In this book’s preface, the author states that these stories are fictional. Even so, it later becomes clear that the main character’s name is Gary. He relates each of these tales in first person, from childhood mishaps with his young neighbors to awkward situations he faces as a married man. Though some aspects of Gary’s narrative may seem unbelievable, readers may possibly hear a ring of truth chiming through many of the pages.
When a story hinges on humor, a writer might hurry from joke to joke while his writing in between lacks in quality. However, in this book, the author does not rush to the punch lines. He takes his time when he needs to, effectively setting up the course of each event to give readers a reason to care about what happens next. The humor is sometimes subtle and other times blatant but unforced.
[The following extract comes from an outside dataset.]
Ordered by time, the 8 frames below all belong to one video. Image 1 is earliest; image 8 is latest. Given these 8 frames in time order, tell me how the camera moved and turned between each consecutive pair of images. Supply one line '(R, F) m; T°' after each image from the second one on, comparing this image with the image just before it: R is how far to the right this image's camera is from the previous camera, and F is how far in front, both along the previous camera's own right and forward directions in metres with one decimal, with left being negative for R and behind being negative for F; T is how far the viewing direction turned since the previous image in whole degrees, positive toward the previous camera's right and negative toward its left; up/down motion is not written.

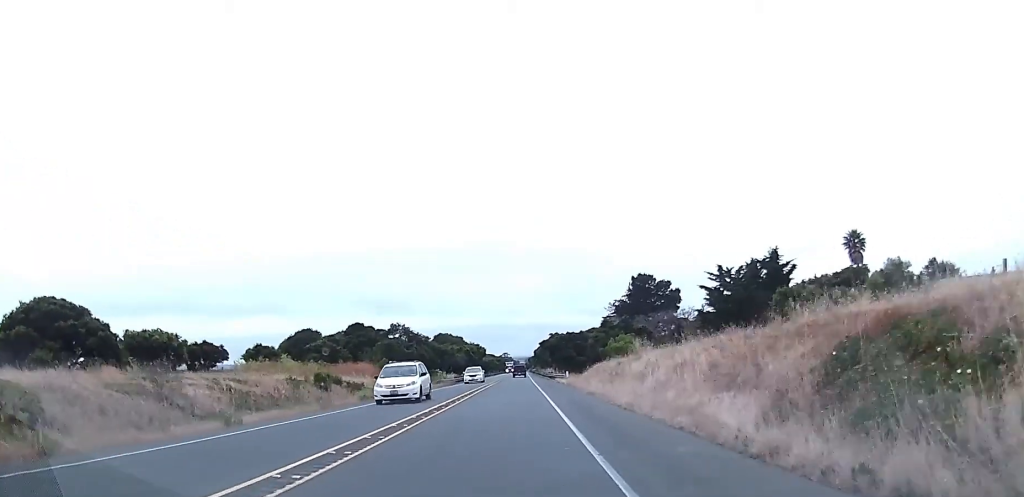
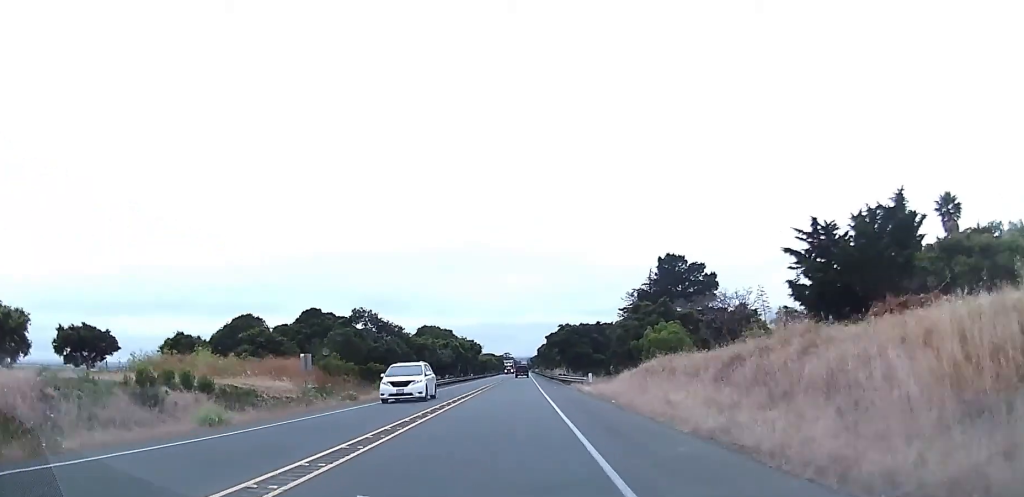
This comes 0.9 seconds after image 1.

Gary’s attitude as a narrator can be offhand, and he is even oblivious to the comedy on occasion, which works in the comedy’s favor. Although some of the humor is a little irreverent, it maintains a level of tact. The author knows when to leave something unsaid, and his clever style displays his trust in the reader’s intelligence.
Now, a first person point of view lets a reader experience a story closely with the main character. Still, the point of view comes with a trade-off. A first person narrator generally does not have the luxury of getting into other characters’ heads or knowing about events that are taking place elsewhere, beyond his vantage point.
In light of this, Gary’s narration does not always make complete sense. He suddenly becomes like an omniscient narrator now and then. He describes some moments from other characters’ perspectives or gives details about actions or events beyond his hearing or vantage point. While doing so, he does not explain how he knows that information, nor does he comment on the oddity of his brief omniscience, if it is intentionally illogical. Also, there are minor errors throughout the book, including punctuation errors, incorrect verb tenses, and movie titles that should be italicized.
Nevertheless, overall, this is a well-written collection that takes a light and entertaining look at life. Therefore, I give Bears, Bobsleds and Other Misadventures a rating of 3 out of 4 stars. I’d recommend it to short story fans who enjoy generous helpings of humor.